(Beginning of SUPPLIED DATA)

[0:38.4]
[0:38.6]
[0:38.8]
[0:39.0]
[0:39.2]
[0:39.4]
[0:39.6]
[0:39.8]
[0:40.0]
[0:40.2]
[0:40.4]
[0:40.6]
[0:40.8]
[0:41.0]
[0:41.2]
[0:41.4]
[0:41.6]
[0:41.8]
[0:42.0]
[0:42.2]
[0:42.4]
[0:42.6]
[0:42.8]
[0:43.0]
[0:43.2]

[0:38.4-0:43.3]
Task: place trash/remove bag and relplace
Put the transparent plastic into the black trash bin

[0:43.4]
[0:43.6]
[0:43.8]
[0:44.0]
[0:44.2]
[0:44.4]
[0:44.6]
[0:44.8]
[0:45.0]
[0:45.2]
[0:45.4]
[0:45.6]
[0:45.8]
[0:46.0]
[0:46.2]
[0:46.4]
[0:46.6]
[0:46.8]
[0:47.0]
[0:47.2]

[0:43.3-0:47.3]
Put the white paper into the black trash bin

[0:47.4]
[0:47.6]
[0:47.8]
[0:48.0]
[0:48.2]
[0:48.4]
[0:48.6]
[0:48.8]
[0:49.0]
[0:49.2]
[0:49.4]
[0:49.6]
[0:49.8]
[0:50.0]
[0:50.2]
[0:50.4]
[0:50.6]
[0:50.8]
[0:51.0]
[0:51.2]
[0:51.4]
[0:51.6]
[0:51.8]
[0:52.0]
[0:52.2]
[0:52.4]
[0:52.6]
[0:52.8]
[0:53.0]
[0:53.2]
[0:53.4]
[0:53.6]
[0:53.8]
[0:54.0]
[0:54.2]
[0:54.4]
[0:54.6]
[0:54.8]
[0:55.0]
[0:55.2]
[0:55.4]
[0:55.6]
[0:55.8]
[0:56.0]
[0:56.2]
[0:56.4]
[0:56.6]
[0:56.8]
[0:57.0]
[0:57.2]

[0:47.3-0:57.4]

(End of SUPPLIED DATA)

### [ACTION ITEM]
Please restate every line of the records exactly.

### [TASK OUTPUT]
[0:38.4]
[0:38.6]
[0:38.8]
[0:39.0]
[0:39.2]
[0:39.4]
[0:39.6]
[0:39.8]
[0:40.0]
[0:40.2]
[0:40.4]
[0:40.6]
[0:40.8]
[0:41.0]
[0:41.2]
[0:41.4]
[0:41.6]
[0:41.8]
[0:42.0]
[0:42.2]
[0:42.4]
[0:42.6]
[0:42.8]
[0:43.0]
[0:43.2]

[0:38.4-0:43.3]
Task: place trash/remove bag and relplace
Put the transparent plastic into the black trash bin

[0:43.4]
[0:43.6]
[0:43.8]
[0:44.0]
[0:44.2]
[0:44.4]
[0:44.6]
[0:44.8]
[0:45.0]
[0:45.2]
[0:45.4]
[0:45.6]
[0:45.8]
[0:46.0]
[0:46.2]
[0:46.4]
[0:46.6]
[0:46.8]
[0:47.0]
[0:47.2]

[0:43.3-0:47.3]
Put the white paper into the black trash bin

[0:47.4]
[0:47.6]
[0:47.8]
[0:48.0]
[0:48.2]
[0:48.4]
[0:48.6]
[0:48.8]
[0:49.0]
[0:49.2]
[0:49.4]
[0:49.6]
[0:49.8]
[0:50.0]
[0:50.2]
[0:50.4]
[0:50.6]
[0:50.8]
[0:51.0]
[0:51.2]
[0:51.4]
[0:51.6]
[0:51.8]
[0:52.0]
[0:52.2]
[0:52.4]
[0:52.6]
[0:52.8]
[0:53.0]
[0:53.2]
[0:53.4]
[0:53.6]
[0:53.8]
[0:54.0]
[0:54.2]
[0:54.4]
[0:54.6]
[0:54.8]
[0:55.0]
[0:55.2]
[0:55.4]
[0:55.6]
[0:55.8]
[0:56.0]
[0:56.2]
[0:56.4]
[0:56.6]
[0:56.8]
[0:57.0]
[0:57.2]

[0:47.3-0:57.4]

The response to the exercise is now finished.